The Virginian-Pilot editorial today weighs in on the 5% cap in real estate taxes being touted by Republicans Nick Rerras and Hank Giffin. A great line:
GOP leaders have responded with an outpouring of enthusiasm generally reserved for Brussels sprout casserole day at the Capitol cafeteria.
The editorial then makes the point that I’ve said before:
Cities and counties are overly reliant on real estate taxes to pay for government services. That’s a problem forced upon them by the state legislature, which offers local governments few other revenue sources.
The argument in favor of a cap says that even so, local governments should be able to live with a 5% increase each year. And, other states have done it without adverse consequences. Two things that require mention.
First, such a cap right now is unconstitutional. The Virginia Constitution requires all assessments to be at fair market value. To cap assessments, a constitutional amendment would be required. Realistically, due to the nature of constitutional amendments in Virginia, we’re looking at 2011 as being the earliest that such a cap would be able to be in place. At the very least, Rerras and Giffin should be telling folks about this delay.

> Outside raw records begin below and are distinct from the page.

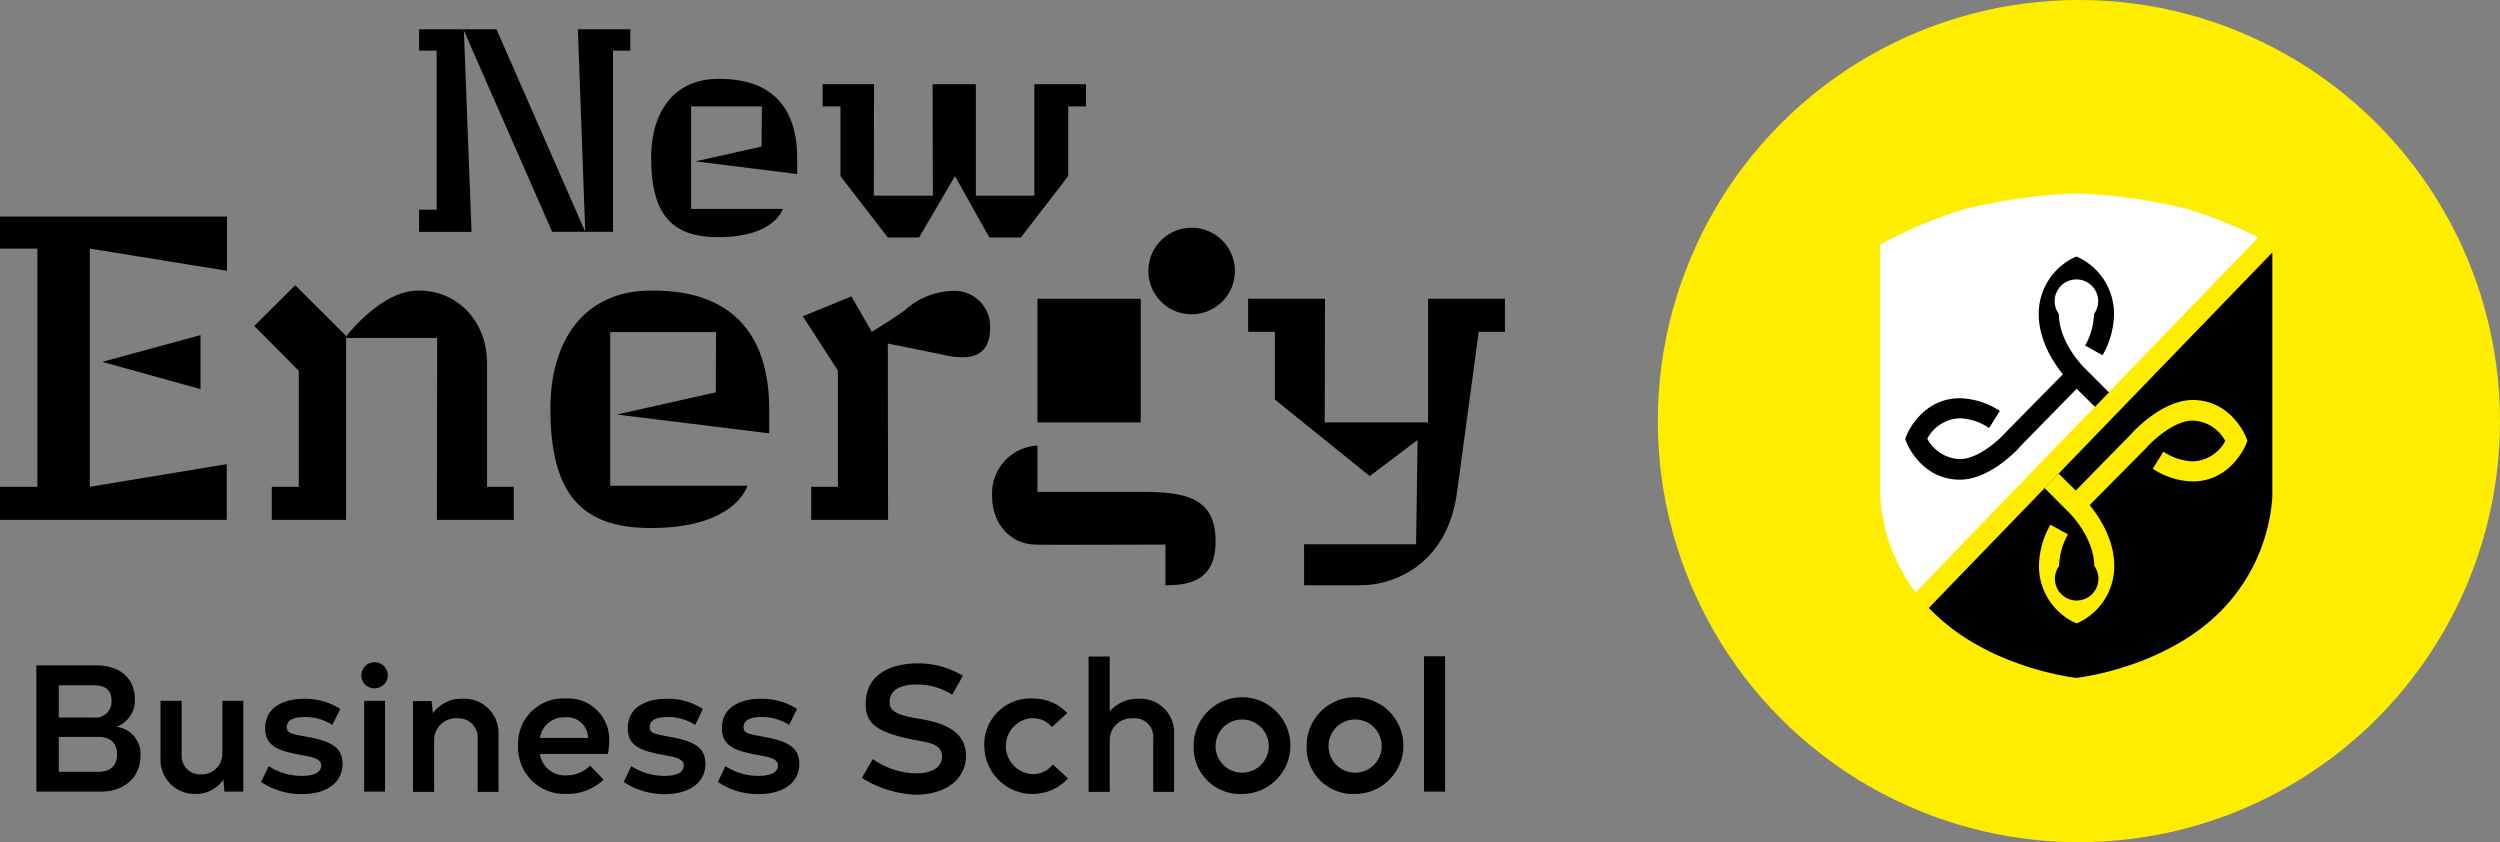 <svg id="Logo_NEC_Business_School_Liggend" data-name="Logo_NEC_Business School_Liggend" xmlns="http://www.w3.org/2000/svg" width="282" height="95" viewBox="0 0 282 95">
  <rect x="0" y="0" width="282" height="95" fill="#808080" stroke="none"/>
  <g id="Group_2" data-name="Group 2" transform="translate(0 3.301)">
    <path id="Path_1" data-name="Path 1" d="M180.294,17.5H175.3v2.411h1.981v17.94H175.3v2.5h5.913l-.861-22.7Zm.057,0v.144l9.96,22.7h3.731L184.026,17.5Zm13.691,22.848h3.129V19.911h1.952V17.5h-5.913Zm23.91-6.516V32.081c0-8.755-6.573-8.984-8.9-8.984-4.908,0-7.578,3.617-7.578,8.9,0,6.745,2.641,8.955,7.578,8.955,6.4,0,7.262-3.186,7.262-3.186H205.984V26.2h7.98l-.029,4.535L206.472,32.4Zm20.15,2.44V23.7h-4.88c0,4.478.029,8.324.029,12.572h-6.659l.029-12.572h-5.8v2.5h2.009v7.865l5.339,6.917H231.7l4.047-6.917,3.875,6.917h3.559l5.339-6.917V26.2h2.009V23.7H244.7V36.272Z" transform="translate(-128.026 -17.5)"/>
    <path id="Path_2" data-name="Path 2" d="M33.218,110.561,22.139,107.49l11.079-3.014ZM20.732,121.583V94.717l15.471,2.5V91.1H10.6v3.617h4.219v26.866H10.6v3.731H36.175v-6.286Zm23.508,0H41.255v3.731h8.381V104.791H59.912l-.029,20.523h8.668v-3.731H65.538V107.6c0-4.506-3.157-8.152-7.721-8.152-3.961,0-7.492,4.363-8.152,5.138L43.9,98.85l-4.621,4.593,5.023,5.052v13.089Zm53.13-6.028v-2.641c0-13.117-9.845-13.462-13.347-13.462-7.348,0-11.338,5.4-11.338,13.347,0,10.1,3.961,13.433,11.338,13.433,9.616,0,10.879-4.765,10.879-4.765H79.431V104.131H91.371l-.029,6.8-11.166,2.5Zm7.75,6.028h-3.014v3.731h8.668l-.029-19.891,5.683,1.148c1.923.431,5.855,1.406,5.855-2.928a4.019,4.019,0,0,0-4.133-4.162,8.377,8.377,0,0,0-5.511,2.21c-1.177.861-3.7,2.411-3.7,2.411l-2.3-3.99-5.482,2.239,3.961,6.114v13.117ZM177.4,104.1h2.956v-3.731h-8.668v13.95H160.03l.029-13.95H151.39V104.1H154.4v7.635l10.706,8.64,5.4-4.076-.172,11.768H157.7v4.621h6.372c3.559,0,9.817-2.124,10.907-10.678Z" transform="translate(-10.6 -69.974)"/>
    <path id="Path_3" data-name="Path 3" d="M461.9,100.322a4.88,4.88,0,1,0,4.88-4.822,4.875,4.875,0,0,0-4.88,4.822" transform="translate(-332.362 -73.111)"/>
    <path id="Path_4" data-name="Path 4" d="M405.609,181.1a5.4,5.4,0,0,0-5.109,5.741c0,3.215,2.21,5.4,4.88,5.425,0,.057,14.667,0,14.667,0v4.593c2.985,0,5.655-.689,5.655-4.966,0-5.023-3.531-5.568-8.467-5.568H405.609Z" transform="translate(-288.586 -134.141)"/>
    <rect id="Rectangle_2" data-name="Rectangle 2" width="11.654" height="13.95" transform="translate(117.023 30.397)"/>
    <g id="Group_1" data-name="Group 1" transform="translate(4.105 70.725)">
      <path id="Path_5" data-name="Path 5" d="M36.64,277.718c0,2.3-1.722,4.018-4.478,4.018H24.9V267.5h6.8c2.7,0,4.306,1.55,4.306,3.789a3.152,3.152,0,0,1-2.067,3.129A3.09,3.09,0,0,1,36.64,277.718Zm-9.214-7.98v3.645h3.961a1.8,1.8,0,0,0,1.981-1.981c0-1.062-.66-1.665-1.981-1.665ZM34,277.517c0-1.234-.718-1.952-2.124-1.952H27.426V279.5h4.449C33.281,279.5,34,278.78,34,277.517Z" transform="translate(-24.9 -266.467)"/>
      <path id="Path_6" data-name="Path 6" d="M83.029,281.4v10.247H80.9l-.115-1.378a3.659,3.659,0,0,1-3.129,1.636,3.844,3.844,0,0,1-3.961-4.018V281.4h2.382v6.171a2.07,2.07,0,0,0,2.21,2.124,2.312,2.312,0,0,0,2.382-2.354V281.4Z" transform="translate(-59.693 -276.377)"/>
      <path id="Path_7" data-name="Path 7" d="M113.2,289.986l.861-1.78a6.817,6.817,0,0,0,3.818,1.091c1,0,2.1-.258,2.1-1.177,0-.746-.947-.947-2.268-1.177-2.526-.459-4.047-.976-4.047-3.014,0-2.583,2.382-3.33,4.449-3.33a7.368,7.368,0,0,1,4.018,1.148l-.89,1.808a5.62,5.62,0,0,0-3.157-.89c-1.32,0-1.981.4-1.981,1.148,0,.574.373.746,1.866,1,2.44.459,4.42.89,4.42,3.129,0,2.21-1.923,3.416-4.593,3.416A8.113,8.113,0,0,1,113.2,289.986Z" transform="translate(-87.855 -275.807)"/>
      <path id="Path_8" data-name="Path 8" d="M152.6,267.593a1.493,1.493,0,0,1,2.985,0,1.482,1.482,0,0,1-1.493,1.493A1.465,1.465,0,0,1,152.6,267.593Zm2.669,13.146h-2.354V270.492h2.354Z" transform="translate(-115.946 -265.469)"/>
      <path id="Path_9" data-name="Path 9" d="M182.544,284.618V291.1h-2.354v-6.028a2.147,2.147,0,0,0-2.239-2.268,2.471,2.471,0,0,0-2.669,2.354V291.1H172.9V280.857H175l.144,1.378a3.953,3.953,0,0,1,3.33-1.636A3.857,3.857,0,0,1,182.544,284.618Z" transform="translate(-130.419 -275.806)"/>
      <path id="Path_10" data-name="Path 10" d="M219.625,289.168a3.75,3.75,0,0,0,2.7-1.091l1.521,1.579a5.908,5.908,0,0,1-4.162,1.607,5.229,5.229,0,0,1-5.482-5.425,5.093,5.093,0,0,1,5.339-5.339,4.627,4.627,0,0,1,4.937,4.793,9.658,9.658,0,0,1-.144,1.464h-7.664A2.805,2.805,0,0,0,219.625,289.168Zm-2.956-4.219h5.425a2.362,2.362,0,0,0-2.612-2.325A2.72,2.72,0,0,0,216.668,284.949Z" transform="translate(-159.865 -275.735)"/>
      <path id="Path_11" data-name="Path 11" d="M255.7,289.986l.861-1.78a6.817,6.817,0,0,0,3.818,1.091c1,0,2.1-.258,2.1-1.177,0-.746-.947-.947-2.268-1.177-2.526-.459-4.047-.976-4.047-3.014,0-2.583,2.382-3.33,4.449-3.33a7.368,7.368,0,0,1,4.018,1.148l-.861,1.808a5.62,5.62,0,0,0-3.157-.89c-1.32,0-1.981.4-1.981,1.148,0,.574.373.746,1.866,1,2.44.459,4.42.89,4.42,3.129,0,2.21-1.923,3.416-4.593,3.416A8.207,8.207,0,0,1,255.7,289.986Z" transform="translate(-189.453 -275.807)"/>
      <path id="Path_12" data-name="Path 12" d="M292.7,289.986l.861-1.78a6.817,6.817,0,0,0,3.818,1.091c1,0,2.1-.258,2.1-1.177,0-.746-.947-.947-2.268-1.177-2.526-.459-4.047-.976-4.047-3.014,0-2.583,2.382-3.33,4.449-3.33a7.368,7.368,0,0,1,4.018,1.148l-.89,1.808a5.621,5.621,0,0,0-3.157-.89c-1.32,0-1.981.4-1.981,1.148,0,.574.373.746,1.866,1,2.44.459,4.42.89,4.42,3.129,0,2.21-1.923,3.416-4.593,3.416A8.113,8.113,0,0,1,292.7,289.986Z" transform="translate(-215.833 -275.807)"/>
      <path id="Path_13" data-name="Path 13" d="M349.3,279.617l1.234-2.124a8.716,8.716,0,0,0,4.908,1.607c1.722,0,2.9-.66,2.9-1.894,0-1.378-1.435-1.579-3.1-1.866-4.277-.861-5.511-1.837-5.511-4.047,0-3.617,3.215-4.593,5.884-4.593a9.628,9.628,0,0,1,5.081,1.406l-1.206,2.124a7.387,7.387,0,0,0-4.018-1.148c-2.067,0-3.043.775-3.043,1.981,0,1,.775,1.464,3.215,1.866,1.894.316,5.4.947,5.4,4.191,0,2.641-2.268,4.392-5.683,4.392A12.406,12.406,0,0,1,349.3,279.617Z" transform="translate(-256.186 -265.896)"/>
      <path id="Path_14" data-name="Path 14" d="M397.4,285.868a5.194,5.194,0,0,1,5.4-5.368,5.292,5.292,0,0,1,3.961,1.636l-1.722,1.579a2.869,2.869,0,0,0-2.268-1,3.164,3.164,0,0,0,.057,6.315,2.775,2.775,0,0,0,2.3-1.091l1.722,1.579a5.444,5.444,0,0,1-9.443-3.645Z" transform="translate(-290.48 -275.735)"/>
      <path id="Path_15" data-name="Path 15" d="M448.044,272.783v6.487h-2.354v-6.028a2.083,2.083,0,0,0-2.268-2.268,2.462,2.462,0,0,0-2.641,2.354v5.942H438.4V264h2.382v6.2a4.115,4.115,0,0,1,3.243-1.435A3.811,3.811,0,0,1,448.044,272.783Z" transform="translate(-319.712 -263.971)"/>
      <path id="Path_16" data-name="Path 16" d="M479.7,285.868a5.454,5.454,0,1,1,5.454,5.4A5.224,5.224,0,0,1,479.7,285.868Zm8.467,0a3,3,0,1,0-6,0,3,3,0,1,0,6,0Z" transform="translate(-349.157 -275.735)"/>
      <path id="Path_17" data-name="Path 17" d="M524.1,285.868a5.454,5.454,0,1,1,5.454,5.4A5.224,5.224,0,0,1,524.1,285.868Zm8.467,0a3,3,0,1,0-6,0,3,3,0,1,0,6,0Z" transform="translate(-380.813 -275.735)"/>
      <path id="Path_18" data-name="Path 18" d="M570.2,263.9h2.382v15.27H570.2Z" transform="translate(-413.681 -263.9)"/>
    </g>
  </g>
  <g id="Group_5" data-name="Group 5" transform="translate(187)">
    <circle id="Ellipse_1" data-name="Ellipse 1" cx="47.5" cy="47.5" r="47.5" fill="#ffed00"/>
    <g id="Group_4" data-name="Group 4" transform="translate(25.089 21.815)">
      <path id="Path_19" data-name="Path 19" d="M784.116,83.751A61,61,0,0,0,771.6,82a63.283,63.283,0,0,0-12.515,1.751,50.692,50.692,0,0,0-9.587,4.018v28.445a20.32,20.32,0,0,0,6.516,13.577c6.43,5.884,15.586,6.86,15.586,6.86s9.156-.976,15.586-6.86a20.319,20.319,0,0,0,6.516-13.577V87.769A50.69,50.69,0,0,0,784.116,83.751Z" transform="translate(-749.5 -82)" fill="#ffed00"/>
      <g id="Group_3" data-name="Group 3" transform="translate(0 0)">
        <path id="Path_20" data-name="Path 20" d="M768.6,145.3c.344.344.689.689,1.062,1.033,6.43,5.884,15.586,6.86,15.586,6.86s9.156-.976,15.586-6.86a20.32,20.32,0,0,0,6.516-13.577V105.2Z" transform="translate(-763.118 -98.541)"/>
        <path id="Path_21" data-name="Path 21" d="M792.153,86.966a50.129,50.129,0,0,0-8.037-3.215A61,61,0,0,0,771.6,82a63.282,63.282,0,0,0-12.515,1.751,50.692,50.692,0,0,0-9.587,4.018v28.445a20.152,20.152,0,0,0,3.99,10.792Z" transform="translate(-749.5 -82)" fill="#fff"/>
        <path id="Path_22" data-name="Path 22" d="M765.471,162.987c-4.277,0-5.942-3.99-6-4.162l-.172-.431.172-.431c.057-.172,1.751-4.162,6-4.162a8.566,8.566,0,0,1,4.506,1.435l-1.206,1.923a6.253,6.253,0,0,0-3.3-1.091,4.289,4.289,0,0,0-3.674,2.3,4.331,4.331,0,0,0,3.674,2.3c2.067,0,4.478-2.21,5.224-3.071l7.176-7.291,1.607,1.579-7.118,7.262C772.274,159.313,768.973,162.987,765.471,162.987Z" transform="translate(-756.487 -130.696)"/>
        <path id="Path_23" data-name="Path 23" d="M825.107,175.829l-1.607-1.579,7.118-7.262c.086-.115,3.387-3.789,6.889-3.789,4.277,0,5.942,3.99,6,4.162l.172.431-.172.431c-.057.172-1.751,4.162-6,4.162A8.566,8.566,0,0,1,833,170.95l1.206-1.923a6.253,6.253,0,0,0,3.3,1.091,4.289,4.289,0,0,0,3.674-2.3,4.331,4.331,0,0,0-3.674-2.3c-2.067,0-4.478,2.21-5.224,3.071Z" transform="translate(-802.26 -139.893)" fill="#ffed00"/>
      </g>
      <path id="Path_24" data-name="Path 24" d="M814.11,192.1l-1.579,1.636,2.813,2.813c.029.029,2.784,2.784,2.784,5.97a2.454,2.454,0,1,1-3.961,0,7.634,7.634,0,0,1,1-3.559l-1.981-1.091a9.668,9.668,0,0,0-1.292,4.65,7.061,7.061,0,0,0,3.76,6.257l.488.23.488-.23a7.061,7.061,0,0,0,3.76-6.257c0-4.162-3.3-7.463-3.444-7.606Z" transform="translate(-793.989 -160.498)" fill="#ffed00"/>
      <path id="Path_25" data-name="Path 25" d="M818.143,123.764l1.579-1.636-2.87-2.87c-.029-.029-2.784-2.784-2.784-5.97a2.454,2.454,0,1,1,3.961,0,7.634,7.634,0,0,1-1,3.559L819,117.937a9.668,9.668,0,0,0,1.292-4.65,7.061,7.061,0,0,0-3.76-6.257l-.488-.23-.488.23a7.061,7.061,0,0,0-3.76,6.257c0,4.162,3.3,7.463,3.444,7.606Z" transform="translate(-793.918 -99.682)"/>
    </g>
  </g>
</svg>

Second, there is evidence that a cap on assessments has the unanticipated result of actually causing taxes to go up. There was an article in the July 2007 edition of Land Lines, a publication of the Lincoln Institute of Land Policy, that makes this claim. From the article (emphasis mine):
Researchers from Colorado, Idaho, Illinois, and Minnesota presented the results of their studies showing the effects of proposed or existing limitation measures in their states in a workshop sponsored by the Lincoln Institute in November 2006. They experienced initial surprise that the assessment limitations produced higher taxes for many property owners whom they would have expected to receive tax relief.
I plan to write a more extensive post on this article later. But for now, suffice it to say that the 5% cap, proposed by Jerry Kilgore in his 2005 campaign for governor, is just as bad an idea today as it was then. The fact that Kaine’s 2005 plan has been embraced by the legislature – on both sides – is telling.
Technorati Tags: Nick Rerras, Hank Giffin
vjp – Just to clarify, since it has been repeated here and elsewhere on a number of occasions recently, is it not true that when then candidate-Kaine proposed Homestead Exemption legislation, his version of the law would make this relief available only to those who resided in the same house for 15 years or longer? That was a bad idea; if enacted it would have created no tax relief for thousands for citizens who needed it, and instead imposed an artificial line of discrimination between homeowners new and old. If you call his office today, of course, they would say he tweaked this provision I am sure. But that was in fact his original idea of “homestead” legislation; if Kaine is touted for homestead legislation, disclosure of what he preached, it seems to me, is appropriate.
The current version is a modified one. The appealing thing about the bill in many people’s view, particularly those who want to preserve local discretion (which is totally understandable) – is that it does just that – 1) local government’s “may” not “must” exempt up to 20%. The public needs to be informed more about this; I am hearing more and more people who are expecting this bill to mean automatic relief. Not true; don’t expect it. And 2) this bill achieves another aim local officials have wanted for years – namely, a back door means to, in-effect, assess commercial and primary-residence residential properties at different rates. The concept of a split rate, though it is not permitted by law, is achieved. And, to Democrats credit, it is one a Dem. has trumpted locally; Del. Kenneth Alexander. This bill is a means to accomplish this.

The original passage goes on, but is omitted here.